_TASK PROMPT:_ Every line below should come back exactly as written, though the pictures stay out.

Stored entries
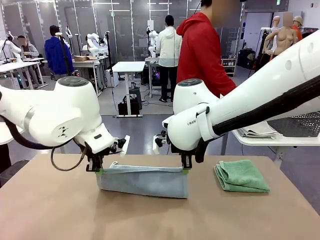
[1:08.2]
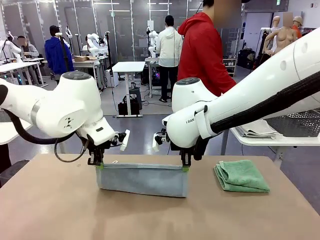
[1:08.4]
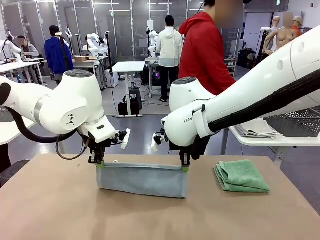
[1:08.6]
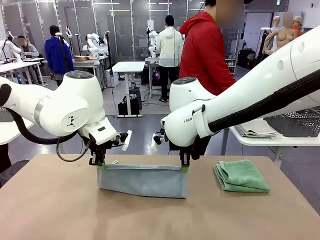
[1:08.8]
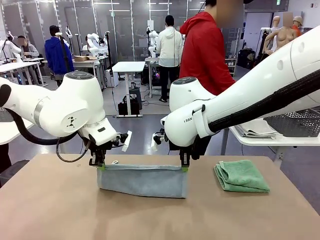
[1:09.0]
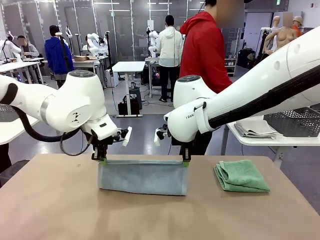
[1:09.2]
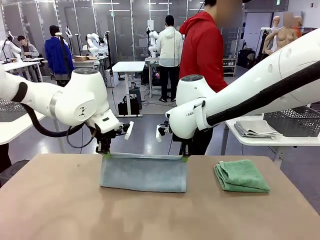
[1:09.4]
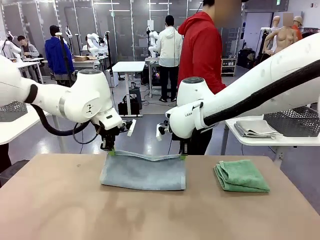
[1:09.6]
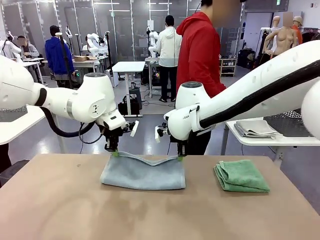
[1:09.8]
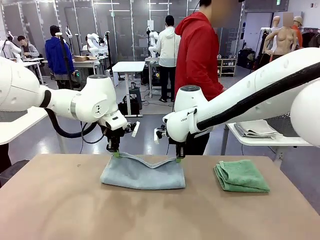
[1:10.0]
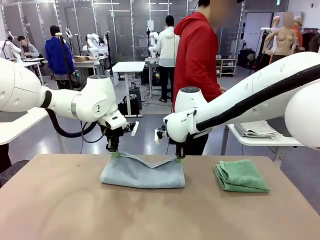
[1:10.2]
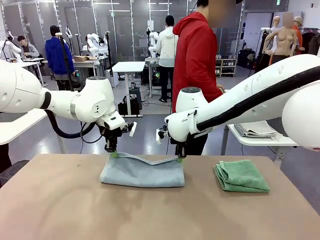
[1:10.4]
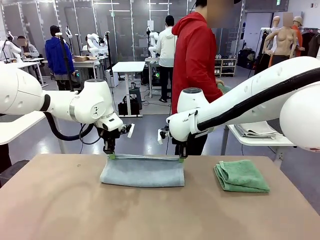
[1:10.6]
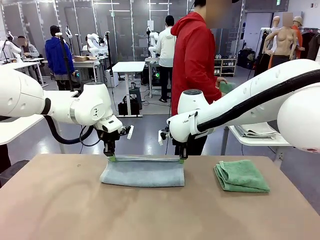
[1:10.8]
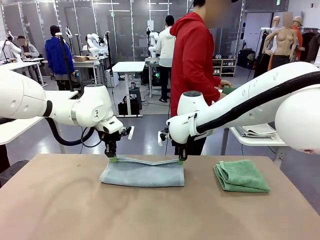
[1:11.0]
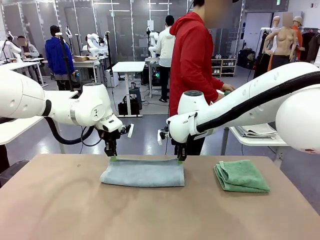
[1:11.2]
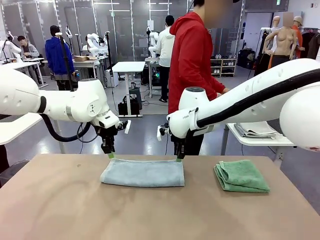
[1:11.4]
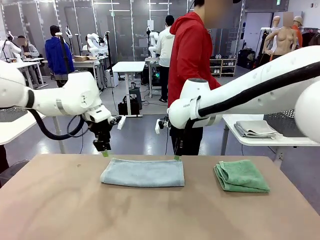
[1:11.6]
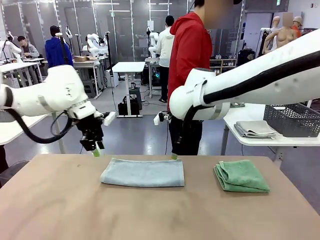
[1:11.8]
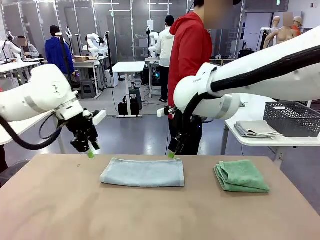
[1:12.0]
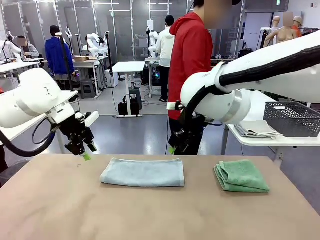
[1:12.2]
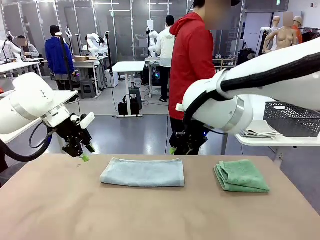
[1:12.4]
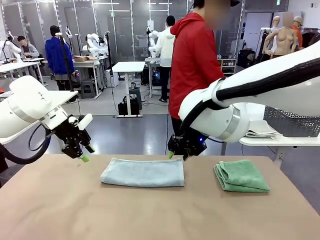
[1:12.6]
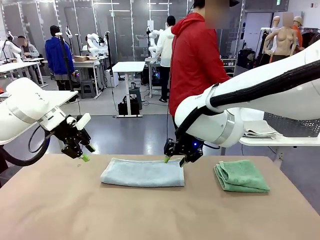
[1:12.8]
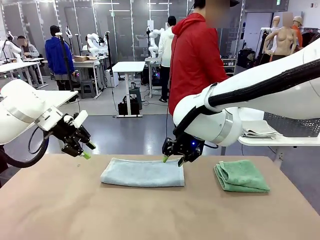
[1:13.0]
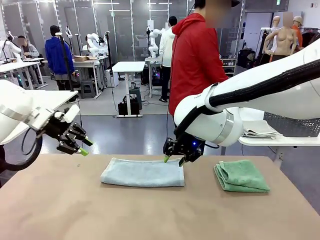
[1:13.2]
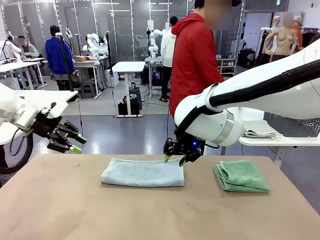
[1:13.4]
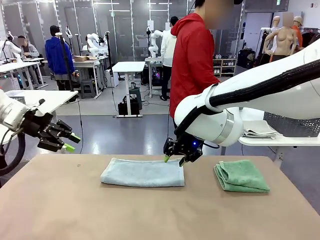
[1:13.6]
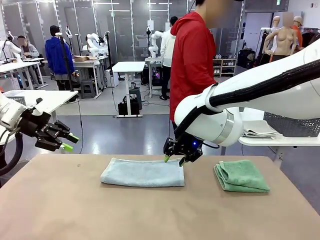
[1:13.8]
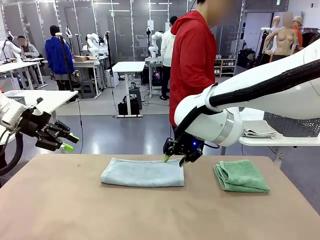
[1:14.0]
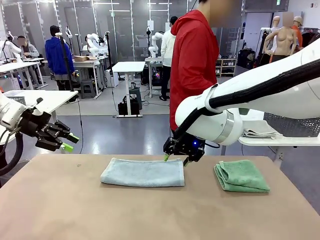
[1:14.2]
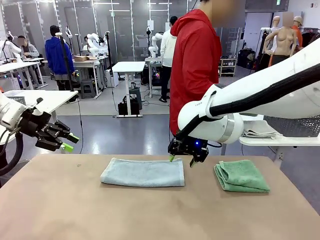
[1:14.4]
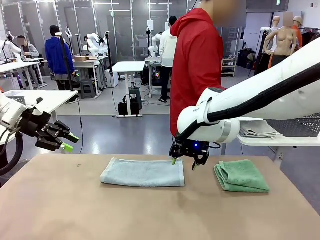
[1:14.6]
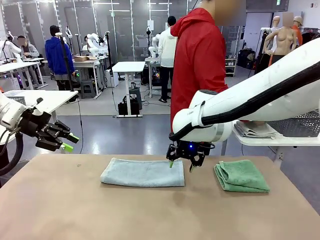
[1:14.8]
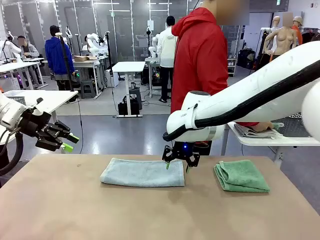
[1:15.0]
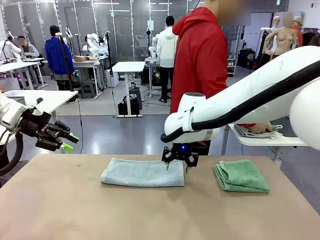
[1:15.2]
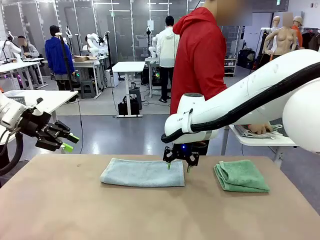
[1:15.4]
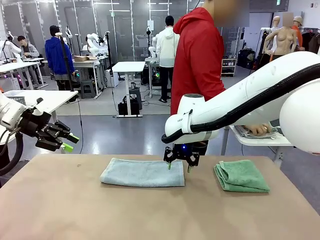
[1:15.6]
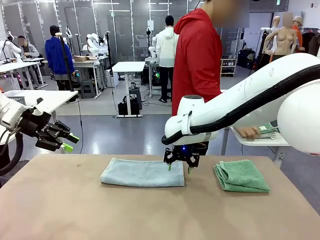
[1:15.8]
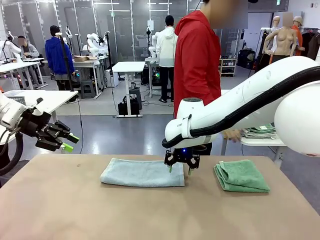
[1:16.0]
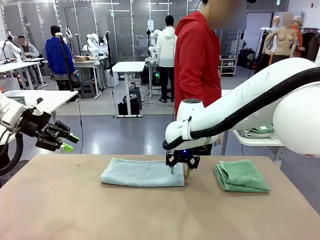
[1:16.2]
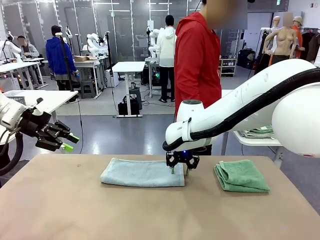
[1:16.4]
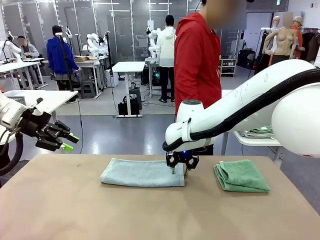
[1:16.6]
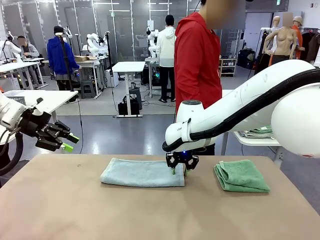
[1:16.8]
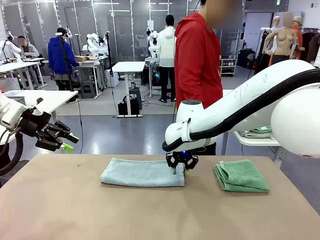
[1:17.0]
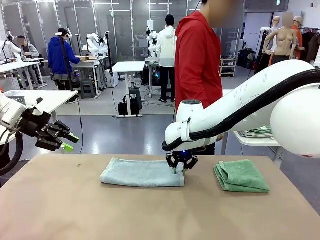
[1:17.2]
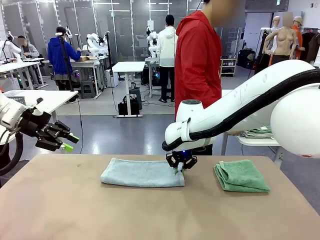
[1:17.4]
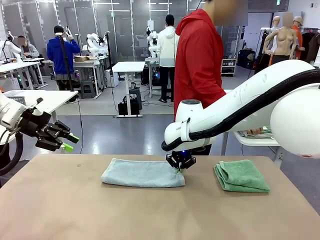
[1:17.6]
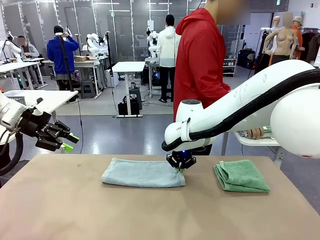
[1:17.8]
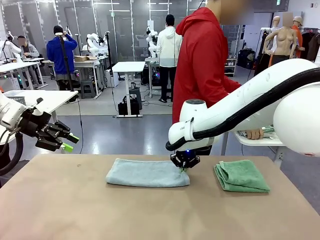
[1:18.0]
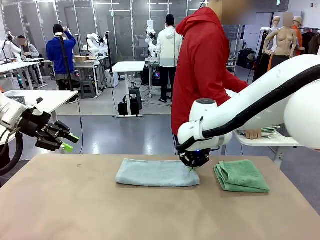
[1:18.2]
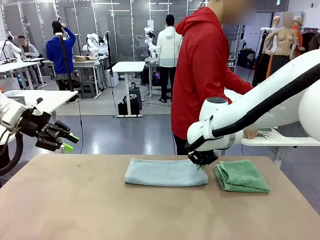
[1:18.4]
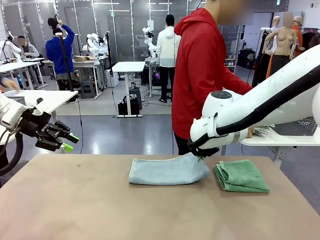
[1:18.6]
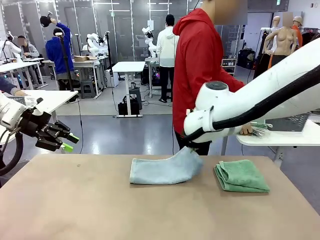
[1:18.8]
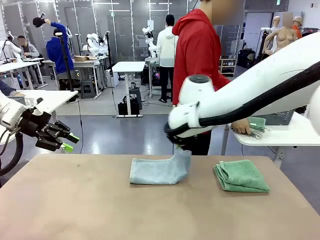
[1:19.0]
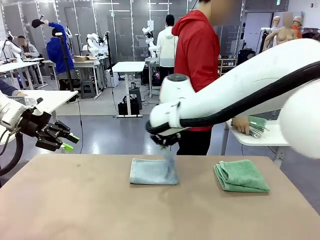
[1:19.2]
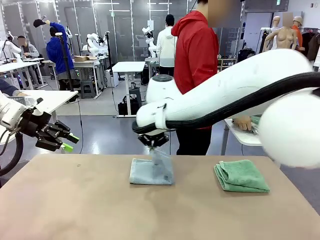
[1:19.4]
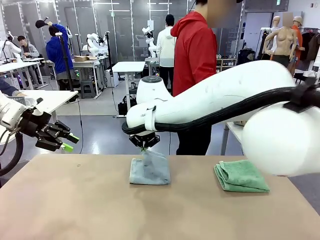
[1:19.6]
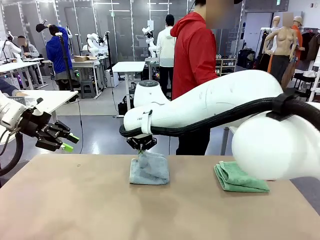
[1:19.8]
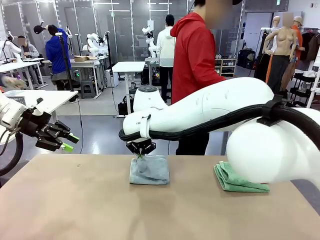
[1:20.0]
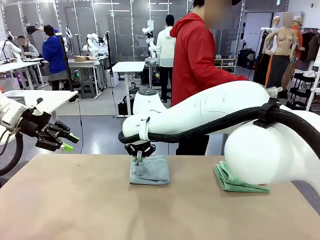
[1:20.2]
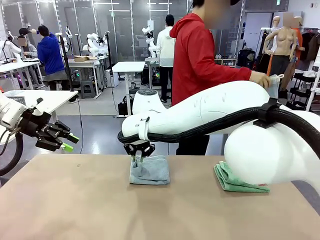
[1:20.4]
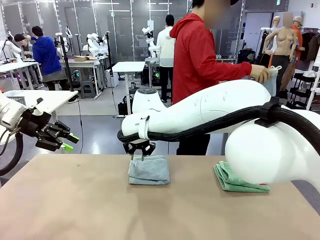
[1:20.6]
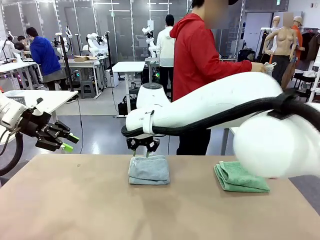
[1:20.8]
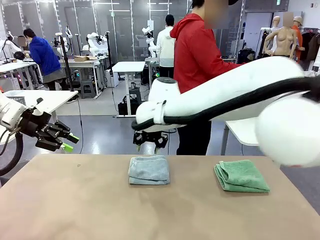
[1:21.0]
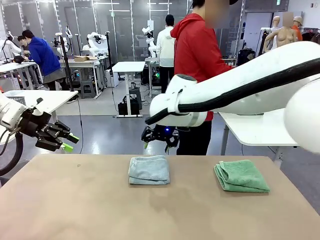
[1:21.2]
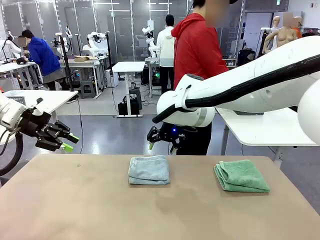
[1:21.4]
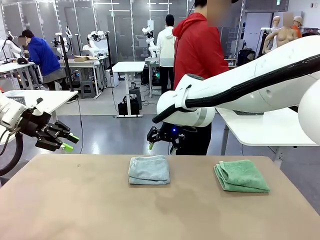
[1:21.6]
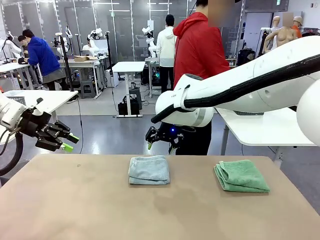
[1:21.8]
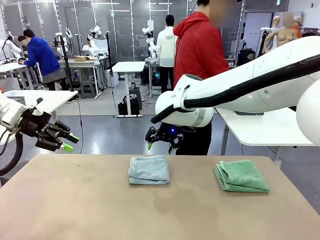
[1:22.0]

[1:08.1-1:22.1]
Task: Fold the towels and place them in the basket.
Robot: When a person lays out a Towel with hook on the table, fold it in half twice.
Person: Pick up the stack of towels from the right side of the human table, place it into the basket, and put the basket at the center of the table.

_WRITTEN SOLUTION:_
[1:08.2]
[1:08.4]
[1:08.6]
[1:08.8]
[1:09.0]
[1:09.2]
[1:09.4]
[1:09.6]
[1:09.8]
[1:10.0]
[1:10.2]
[1:10.4]
[1:10.6]
[1:10.8]
[1:11.0]
[1:11.2]
[1:11.4]
[1:11.6]
[1:11.8]
[1:12.0]
[1:12.2]
[1:12.4]
[1:12.6]
[1:12.8]
[1:13.0]
[1:13.2]
[1:13.4]
[1:13.6]
[1:13.8]
[1:14.0]
[1:14.2]
[1:14.4]
[1:14.6]
[1:14.8]
[1:15.0]
[1:15.2]
[1:15.4]
[1:15.6]
[1:15.8]
[1:16.0]
[1:16.2]
[1:16.4]
[1:16.6]
[1:16.8]
[1:17.0]
[1:17.2]
[1:17.4]
[1:17.6]
[1:17.8]
[1:18.0]
[1:18.2]
[1:18.4]
[1:18.6]
[1:18.8]
[1:19.0]
[1:19.2]
[1:19.4]
[1:19.6]
[1:19.8]
[1:20.0]
[1:20.2]
[1:20.4]
[1:20.6]
[1:20.8]
[1:21.0]
[1:21.2]
[1:21.4]
[1:21.6]
[1:21.8]
[1:22.0]

[1:08.1-1:22.1]
Task: Fold the towels and place them in the basket.
Robot: When a person lays out a Towel with hook on the table, fold it in half twice.
Person: Pick up the stack of towels from the right side of the human table, place it into the basket, and put the basket at the center of the table.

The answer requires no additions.